Stored items from a collection:
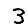
Digit: 3
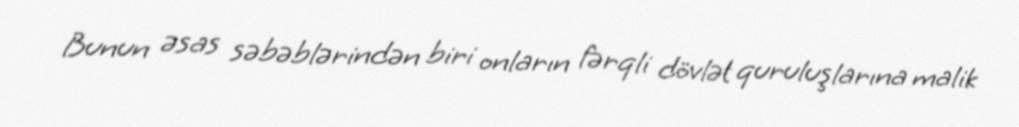
Bunun əsas səbəblərindən biri onların fərqli dövlət quruluşlarına malik
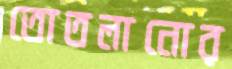
তোতলানোর
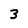
Character: 3
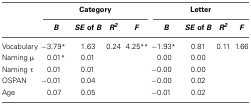
<table><thead><tr><td></td><td colspan="4"><b>Category</b></td><td colspan="4"><b>Letter</b></td></tr><tr><td></td><td><b><i>B</i></b></td><td><b><i>SE</i> of <i>B</i></b></td><td><b><i>R<sup>2</sup></i></b></td><td><b><i>F</i></b></td><td><b><i>B</i></b></td><td><b><i>SE</i> of <i>B</i></b></td><td><b><i>R<sup>2</sup></i></b></td><td><b><i>F</i></b></td></tr></thead><tbody><tr><td>Vocabulary</td><td>−3.79<sup>*</sup></td><td>1.63</td><td>0.24</td><td>4.25<sup>**</sup></td><td>−1.93<sup>*</sup></td><td>0.81</td><td>0.11</td><td>1.66</td></tr><tr><td>Naming μ</td><td>0.01<sup>*</sup></td><td>0.01</td><td></td><td></td><td>0.00</td><td>0.00</td><td></td><td></td></tr><tr><td>Naming τ</td><td>0.01</td><td>0.01</td><td></td><td></td><td>−0.00</td><td>0.00</td><td></td><td></td></tr><tr><td>OSPAN</td><td>−0.01</td><td>0.04</td><td></td><td></td><td>−0.00</td><td>0.02</td><td></td><td></td></tr><tr><td>Age</td><td>0.07</td><td>0.05</td><td></td><td></td><td>−0.01</td><td>0.02</td><td></td><td></td></tr></tbody></table>
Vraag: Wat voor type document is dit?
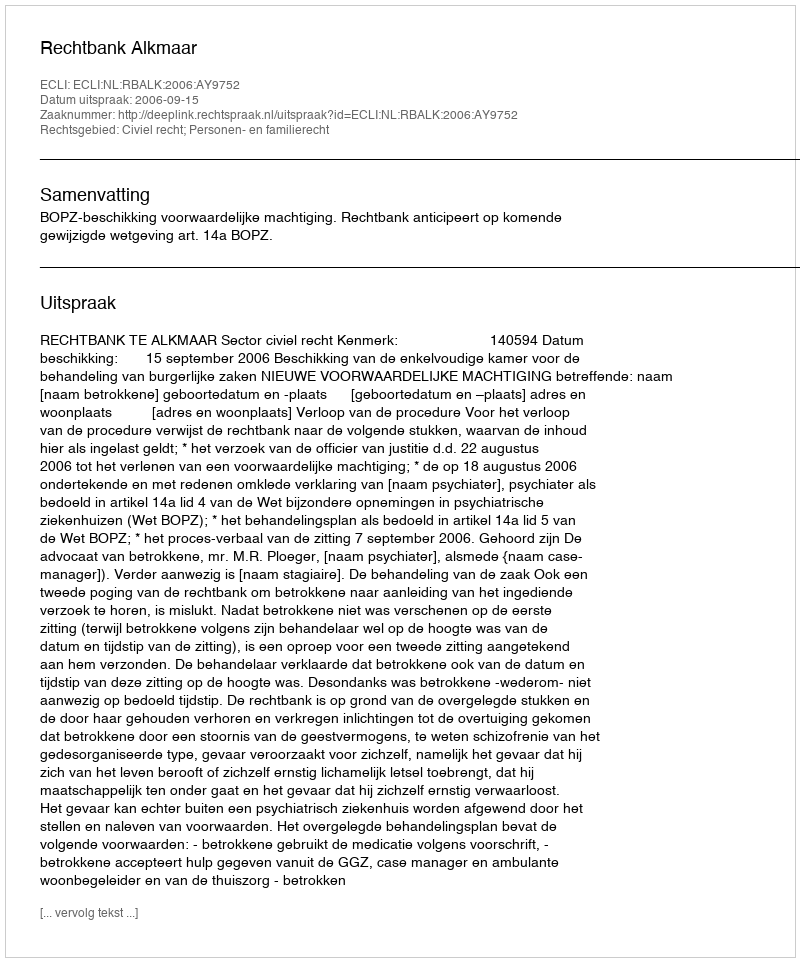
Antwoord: Uitspraak
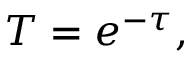
T = e ^ { - \tau } ,
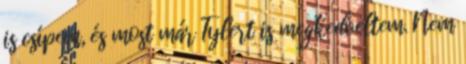
is csípem, és most már Tylert is megkedveltem. Nem
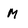
Character: M
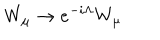
W _ { \mu } \rightarrow e ^ { - i \Lambda } W _ { \mu }
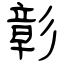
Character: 彰
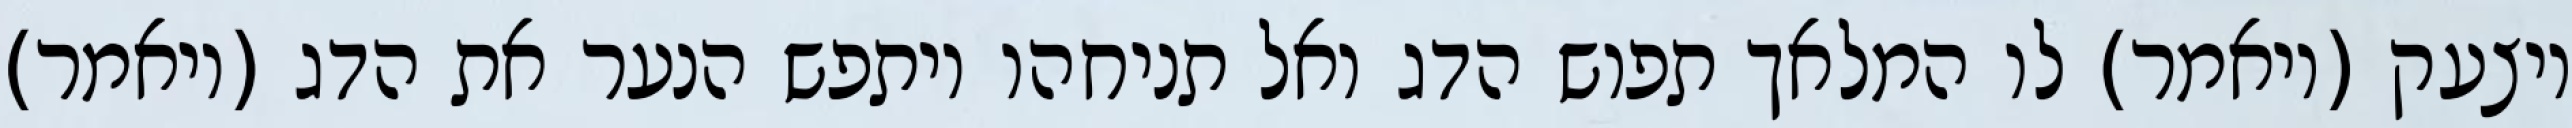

# [Task description]
Set down word for word the lines from the opening of the entries above through the line that contains "Character: 3", and omit every picture.

# [Expected output]
Digit: 3
Bunun əsas səbəblərindən biri onların fərqli dövlət quruluşlarına malik
তোতলানোর
Character: 3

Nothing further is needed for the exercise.